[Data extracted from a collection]
**********

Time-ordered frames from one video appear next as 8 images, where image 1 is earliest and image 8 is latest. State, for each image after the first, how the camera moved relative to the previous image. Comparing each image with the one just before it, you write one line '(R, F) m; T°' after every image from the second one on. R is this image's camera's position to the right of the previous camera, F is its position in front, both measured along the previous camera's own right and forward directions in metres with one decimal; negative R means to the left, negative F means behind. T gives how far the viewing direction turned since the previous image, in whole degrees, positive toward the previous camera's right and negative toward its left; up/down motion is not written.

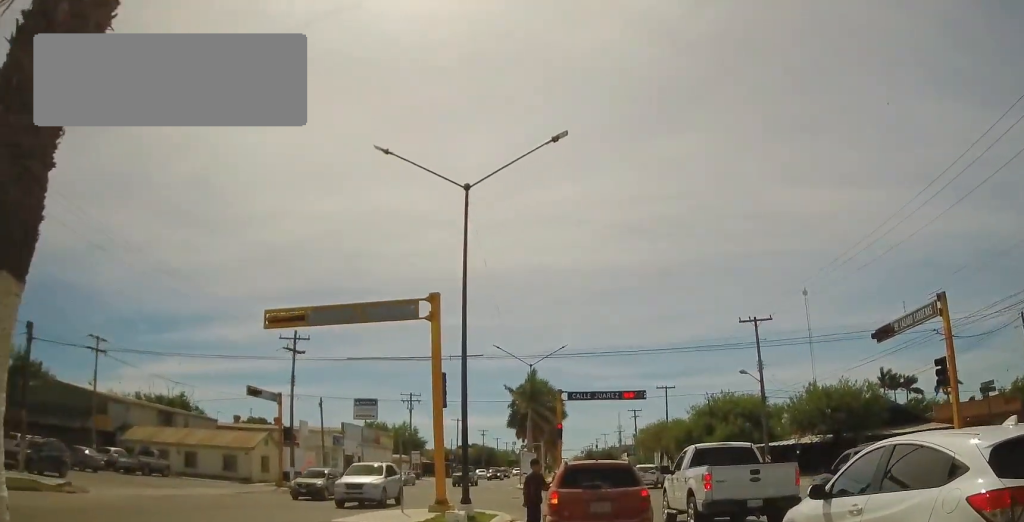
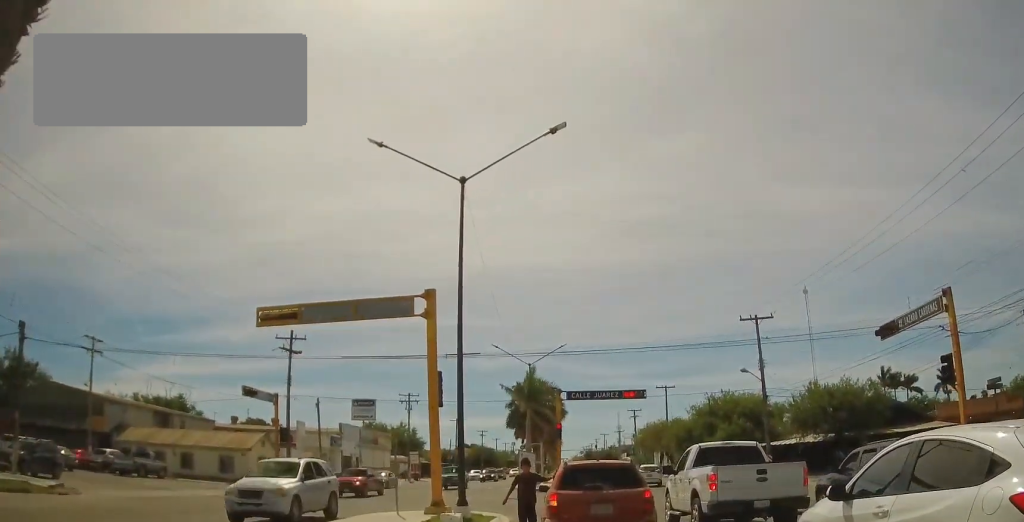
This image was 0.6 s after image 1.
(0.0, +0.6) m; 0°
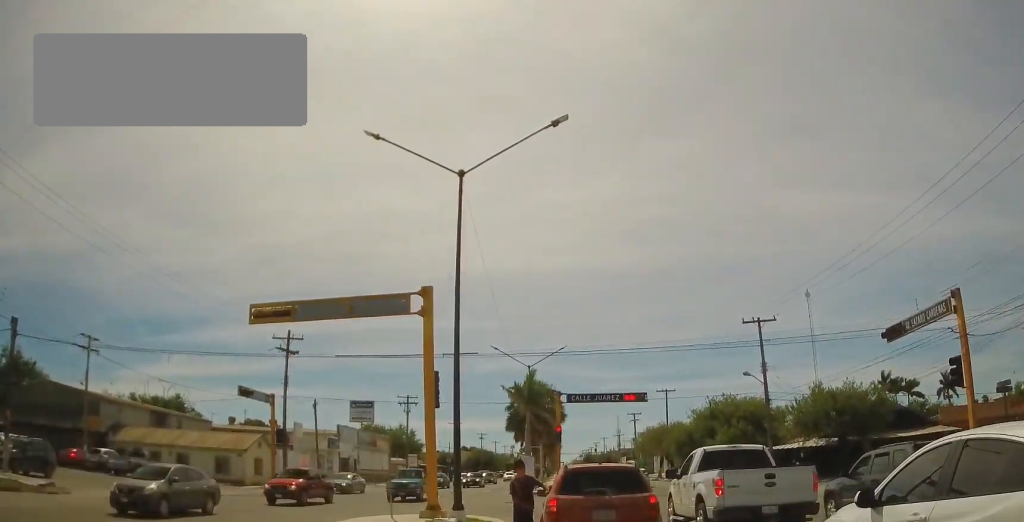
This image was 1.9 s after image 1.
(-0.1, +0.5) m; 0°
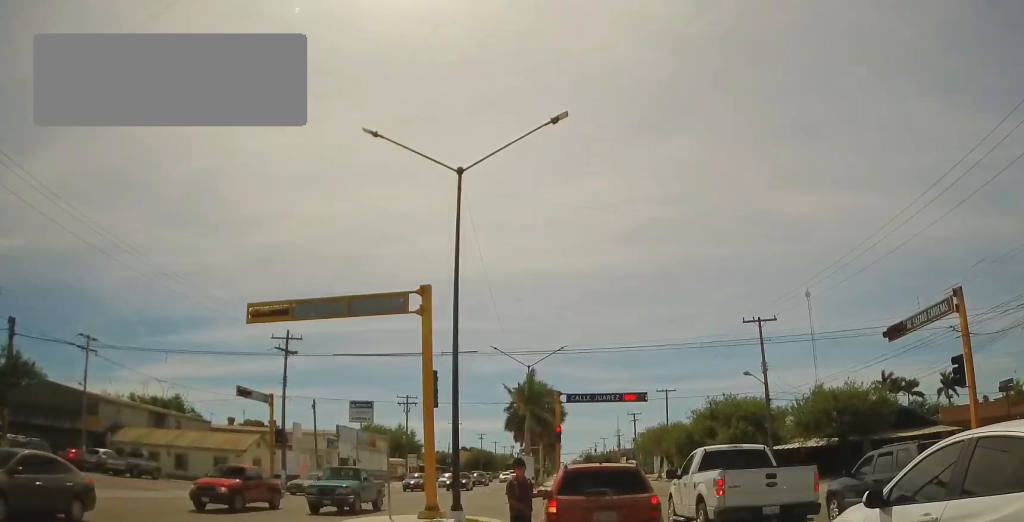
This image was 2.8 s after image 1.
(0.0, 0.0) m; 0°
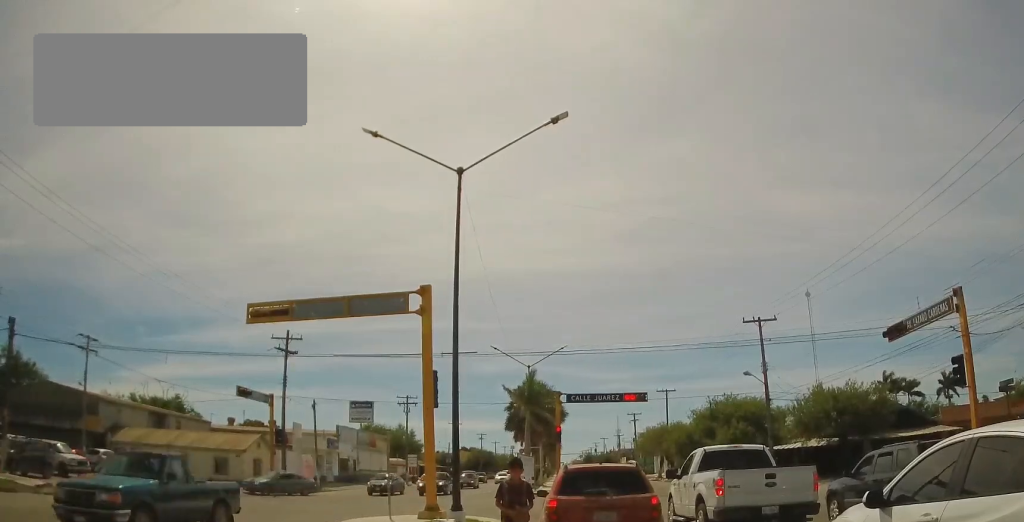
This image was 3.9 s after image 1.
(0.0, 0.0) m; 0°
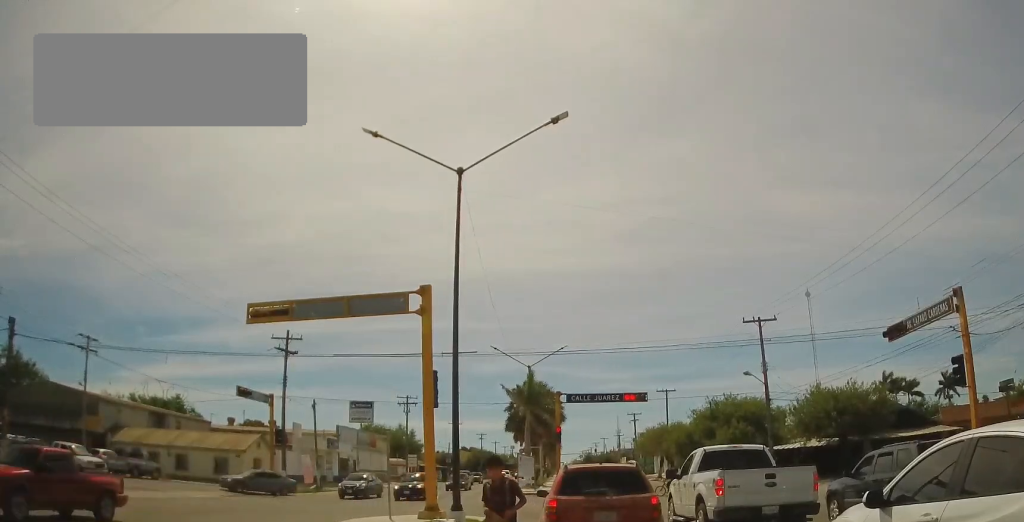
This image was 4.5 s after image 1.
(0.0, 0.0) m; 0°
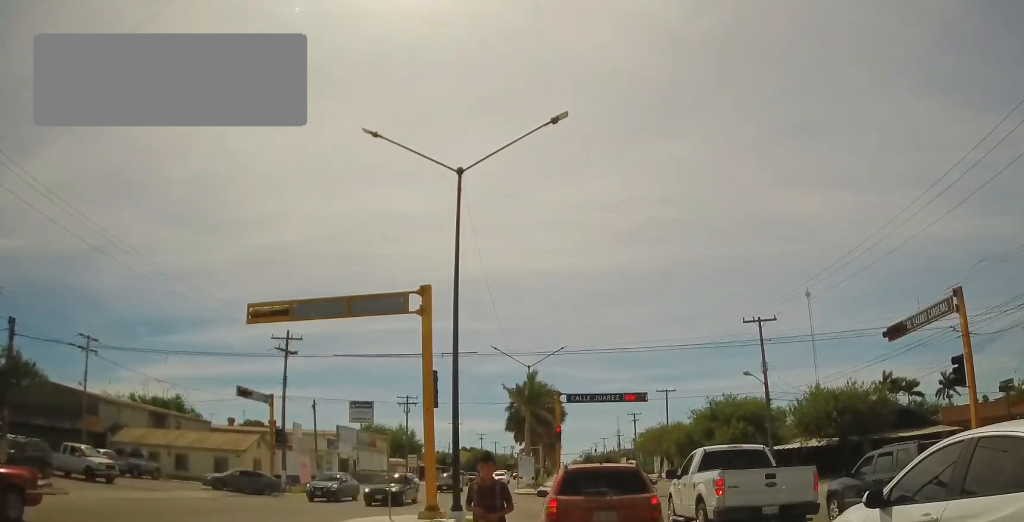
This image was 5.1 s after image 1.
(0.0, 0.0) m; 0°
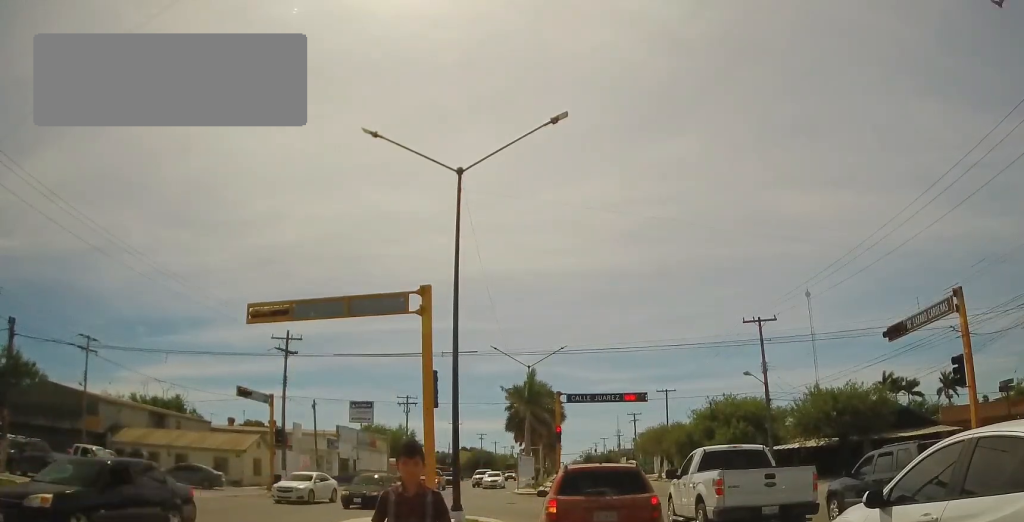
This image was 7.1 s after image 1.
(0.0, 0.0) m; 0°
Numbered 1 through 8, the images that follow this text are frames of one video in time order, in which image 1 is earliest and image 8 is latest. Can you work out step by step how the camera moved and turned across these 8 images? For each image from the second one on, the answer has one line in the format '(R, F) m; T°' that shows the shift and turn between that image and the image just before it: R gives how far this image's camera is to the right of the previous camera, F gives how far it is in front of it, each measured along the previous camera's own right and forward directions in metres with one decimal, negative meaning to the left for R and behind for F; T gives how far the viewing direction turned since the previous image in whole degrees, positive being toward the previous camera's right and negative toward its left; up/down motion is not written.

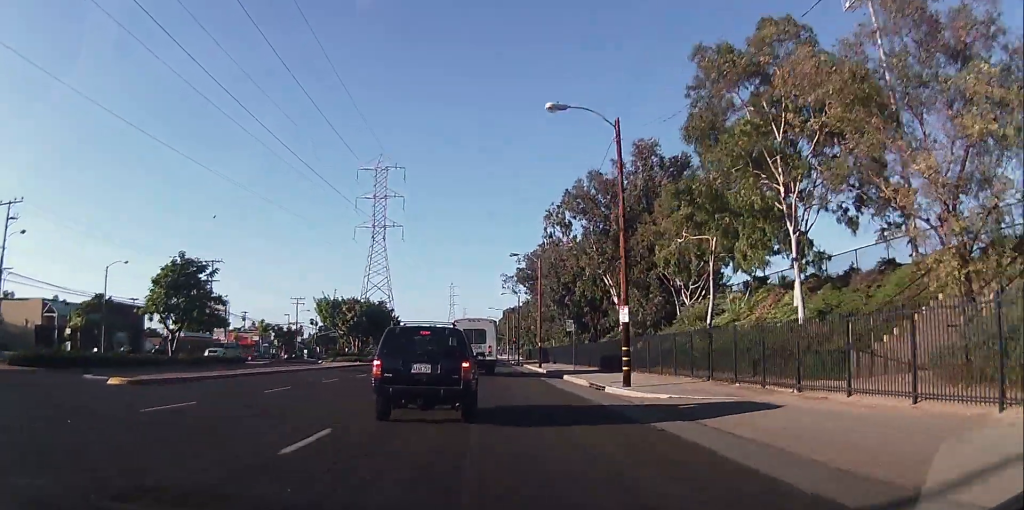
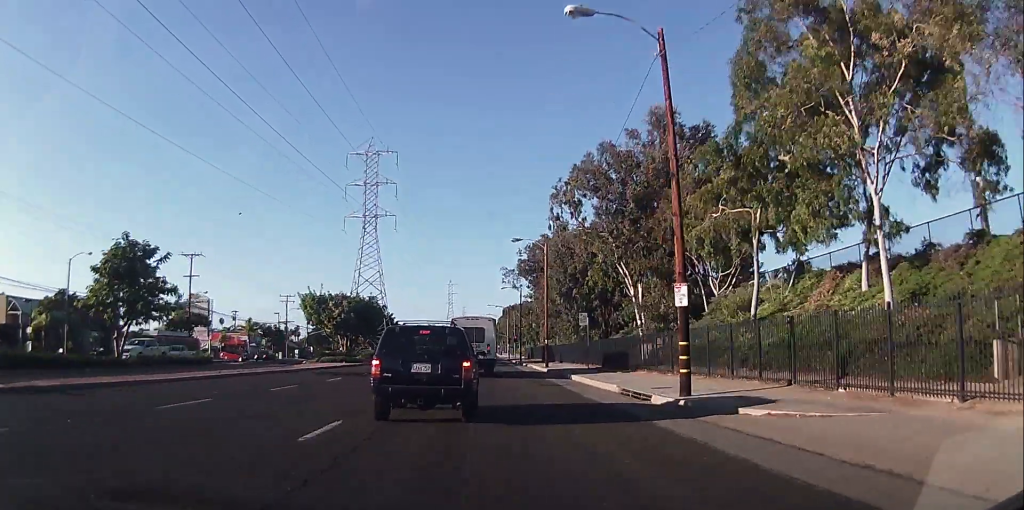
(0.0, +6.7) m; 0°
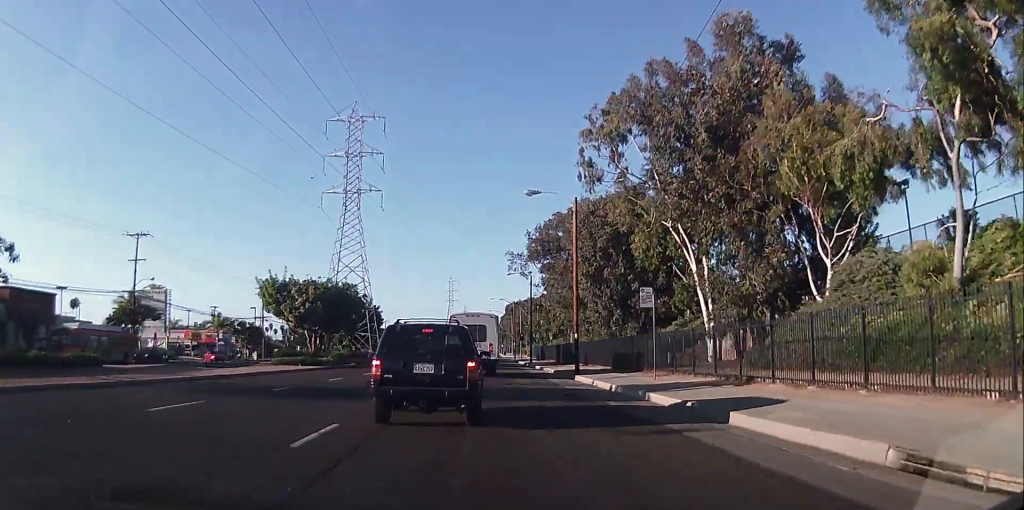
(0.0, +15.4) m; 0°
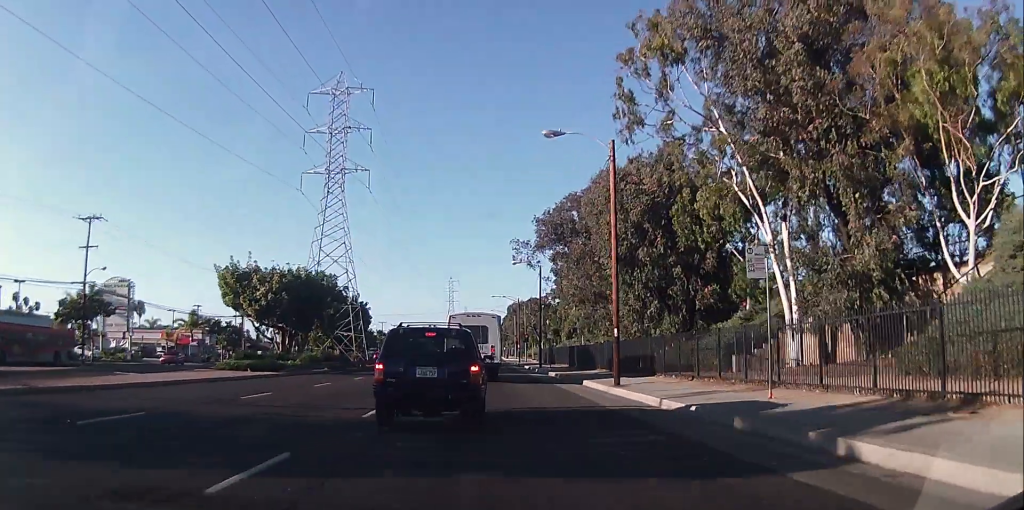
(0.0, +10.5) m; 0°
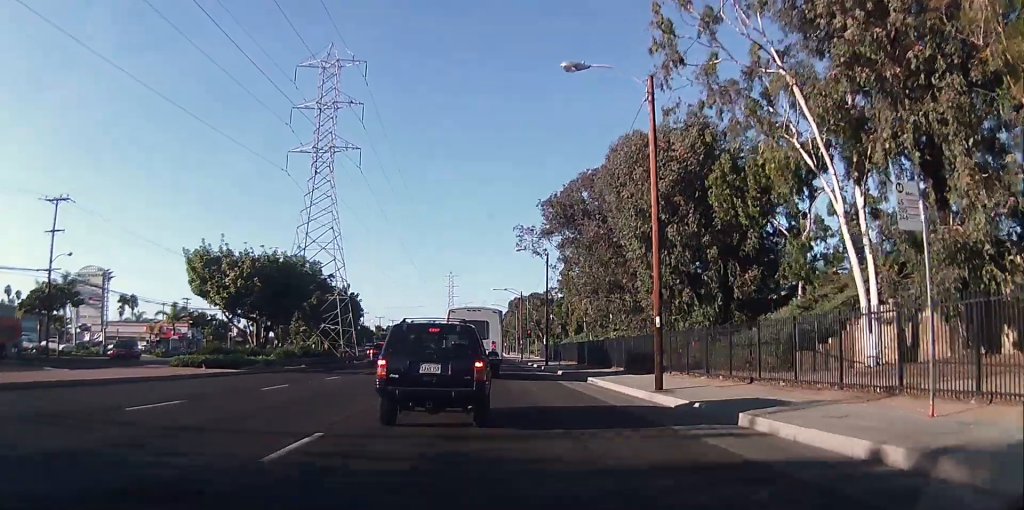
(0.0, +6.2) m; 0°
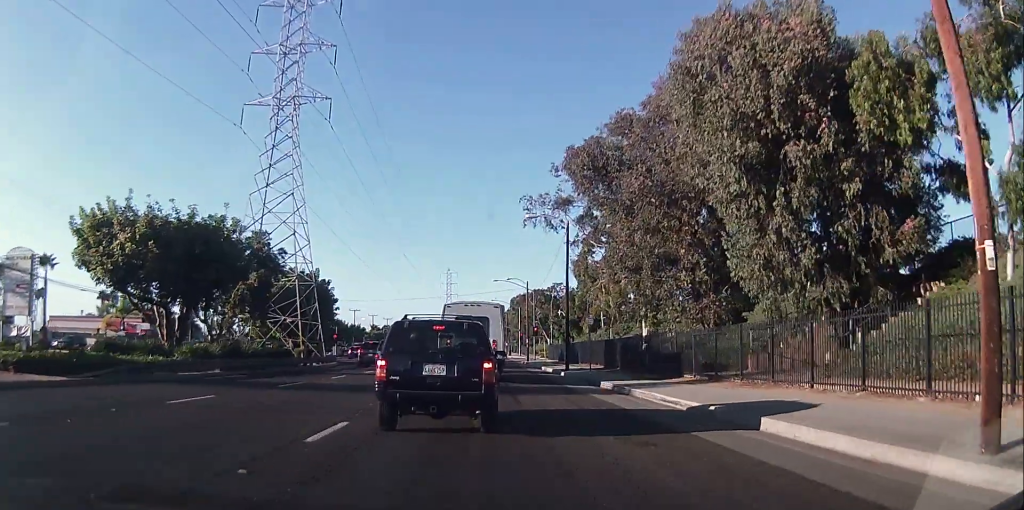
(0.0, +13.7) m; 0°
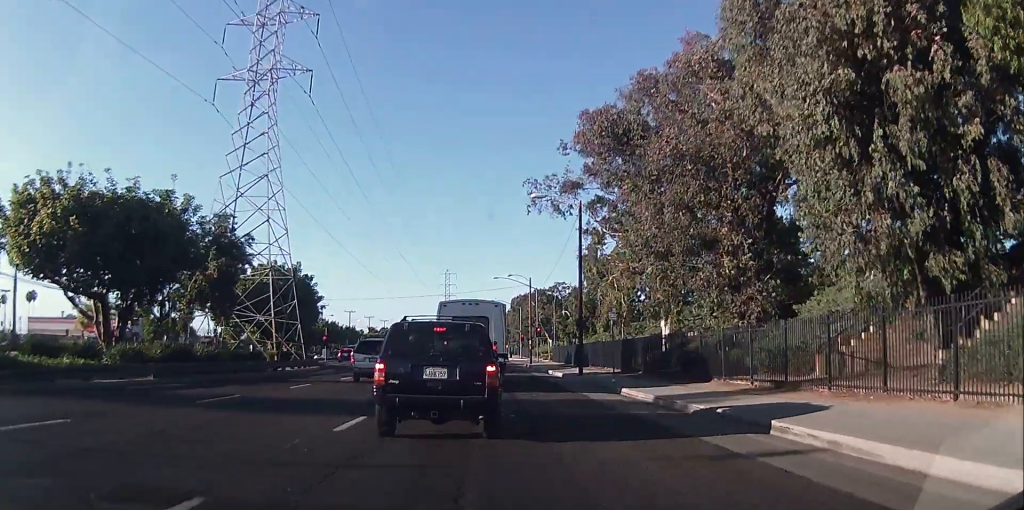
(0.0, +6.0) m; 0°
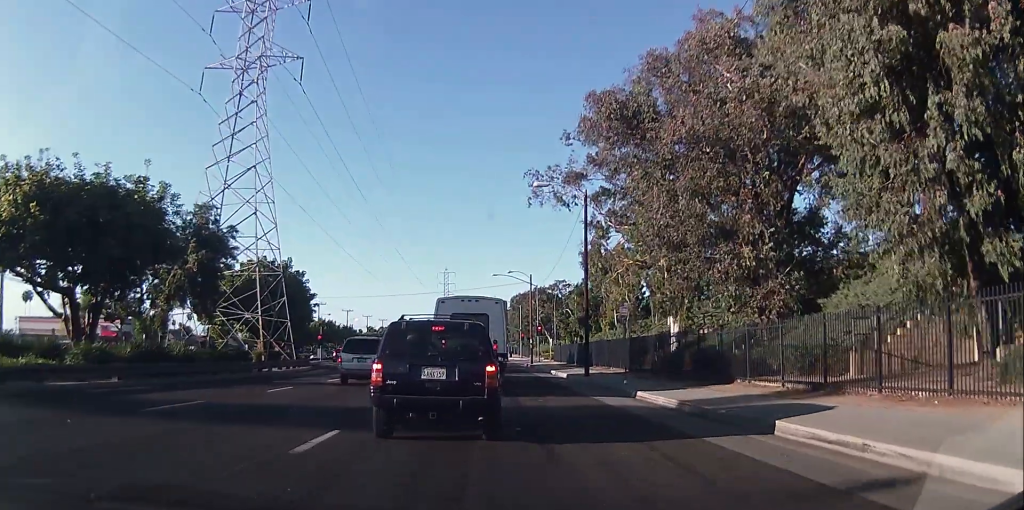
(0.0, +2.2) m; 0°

**********

Restate each entry word for word; pictures stay out of the copy.

Time-ordered frames from one video appear next as 8 images, where image 1 is earliest and image 8 is latest. State, for each image after the first, how the camera moved relative to the previous image. Comparing each image with the one just before it, you write one line '(R, F) m; T°' after every image from the second one on. R is this image's camera's position to the right of the previous camera, F is its position in front, both measured along the previous camera's own right and forward directions in metres with one decimal; negative R means to the left, negative F means behind. T gives how far the viewing direction turned since the previous image, in whole degrees, positive toward the previous camera's right and negative toward its left; up/down motion is not written.

This image was 0.6 s after image 1.
(0.0, +0.6) m; 0°
This image was 1.9 s after image 1.
(-0.1, +0.5) m; 0°
This image was 2.8 s after image 1.
(0.0, 0.0) m; 0°
This image was 3.9 s after image 1.
(0.0, 0.0) m; 0°
This image was 4.5 s after image 1.
(0.0, 0.0) m; 0°
This image was 5.1 s after image 1.
(0.0, 0.0) m; 0°
This image was 7.1 s after image 1.
(0.0, 0.0) m; 0°
Numbered 1 through 8, the images that follow this text are frames of one video in time order, in which image 1 is earliest and image 8 is latest. Can you work out step by step how the camera moved and turned across these 8 images? For each image from the second one on, the answer has one line in the format '(R, F) m; T°' that shows the shift and turn between that image and the image just before it: R gives how far this image's camera is to the right of the previous camera, F gives how far it is in front of it, each measured along the previous camera's own right and forward directions in metres with one decimal, negative meaning to the left for R and behind for F; T gives how far the viewing direction turned since the previous image in whole degrees, positive being toward the previous camera's right and negative toward its left; up/down motion is not written.

(0.0, +6.7) m; 0°
(0.0, +15.4) m; 0°
(0.0, +10.5) m; 0°
(0.0, +6.2) m; 0°
(0.0, +13.7) m; 0°
(0.0, +6.0) m; 0°
(0.0, +2.2) m; 0°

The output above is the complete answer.